Insulin suppresses and glucagon and catecholamine induces the following three steps: 1) free fatty acid production in adipose tissues, 2) mitochondrial entry of free fatty acids via malonyl-CoA, 3) ketone body synthesis at the HMG-CoA syntase. Hence insulin-dominant conditions such as postprandial state or hyperinsulinism, ketone production is strongly suppressed. On the other hand, glucagon and catecholamine-dominant conditions, such as fasting, febrile, and/or stress conditions, ketone production is induced.
Ketosis Ketosis means a condtion in which blood ketone level is equal or more than 0.2mM(200μmol/L). Ketoacidosis is defined as a condition in which blood ketone level is equal or more than 7 mM. Blood ketone level decreases to about 0.05~0.1 mM in postprandial condition, and increases up to 6mM after 24-hour fast in young children. This means ketone levels increases 100-fold after fasting.

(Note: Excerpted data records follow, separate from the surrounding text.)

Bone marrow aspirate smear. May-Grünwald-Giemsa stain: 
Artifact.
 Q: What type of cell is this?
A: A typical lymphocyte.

Clinical symptoms for ketosis and ketoacidosis are not specific but patients may have acetone smelling. If ketoacidosis is severe, patients may have polypnea and various degrees of unconsciousness. Blood gas data is important to evaluate severity of ketoacidosis. Is blood pH less than 7.3? Non-physiological (pathogenic) ketoacidosis has lower pH because of insufficient respiratory compensation. For evaluation of ketone body metabolism, simultaneous measurement of blood glucose and free fatty acid, together with blood ketone bodies, is essential.

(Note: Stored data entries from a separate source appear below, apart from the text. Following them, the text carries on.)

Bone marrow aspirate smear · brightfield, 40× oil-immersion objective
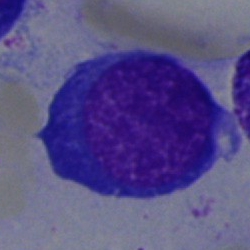

Morphology → nucleated red blood cell.
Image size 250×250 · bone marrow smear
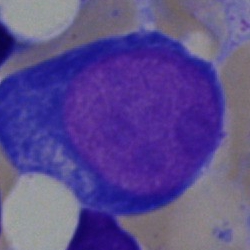 The cell shown is a proerythroblast.
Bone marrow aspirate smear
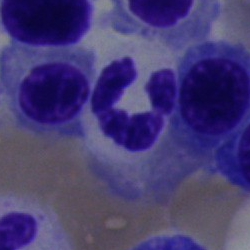Cell type — segmented neutrophil.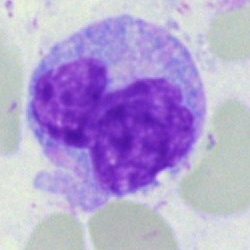

Specimen: bone marrow smear.
Cell type: monocyte.
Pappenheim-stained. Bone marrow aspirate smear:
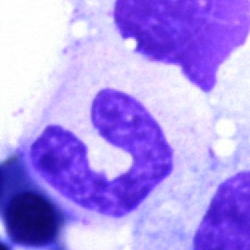The cell shown is a band neutrophil.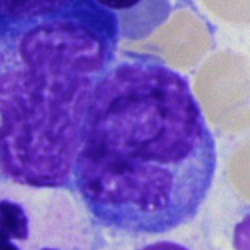Cell = monocyte.

Clinical judgment is also important to evaluate ketone body metabolism. What condition does your patient have ? for example, two hours after meal, after 15hour-fasting, frequent vomiting and appetine loss for 10 hours, two days febrile, etc. Since fasting, febrile, and/or stress induce ketone body production, the ketone body level in your child should be evaluated clinically to be physiological or lower or higher than you expected.
Acetonemic vomiting and ketotic hypoglycemia are common causes of ketosis and their symptoms includes vomiting and lethargy. Hence if patients with such conditions look serious, especially at the first attack, sufficient metabolic tests should be done. Onsets of acetonemic vomiting and ketotic hypoglycemia are usually after the age of 1 and half years. The onsets of inborn errors of ketone body utilization are much earlier than those of acetonemic vomiting and ketotic hypoglycemia. If you see a 1-year old patient who is suspected to have severe acetonemic vomiting or ketotic hypoglycemia, you should consider underlying metabolic disorders.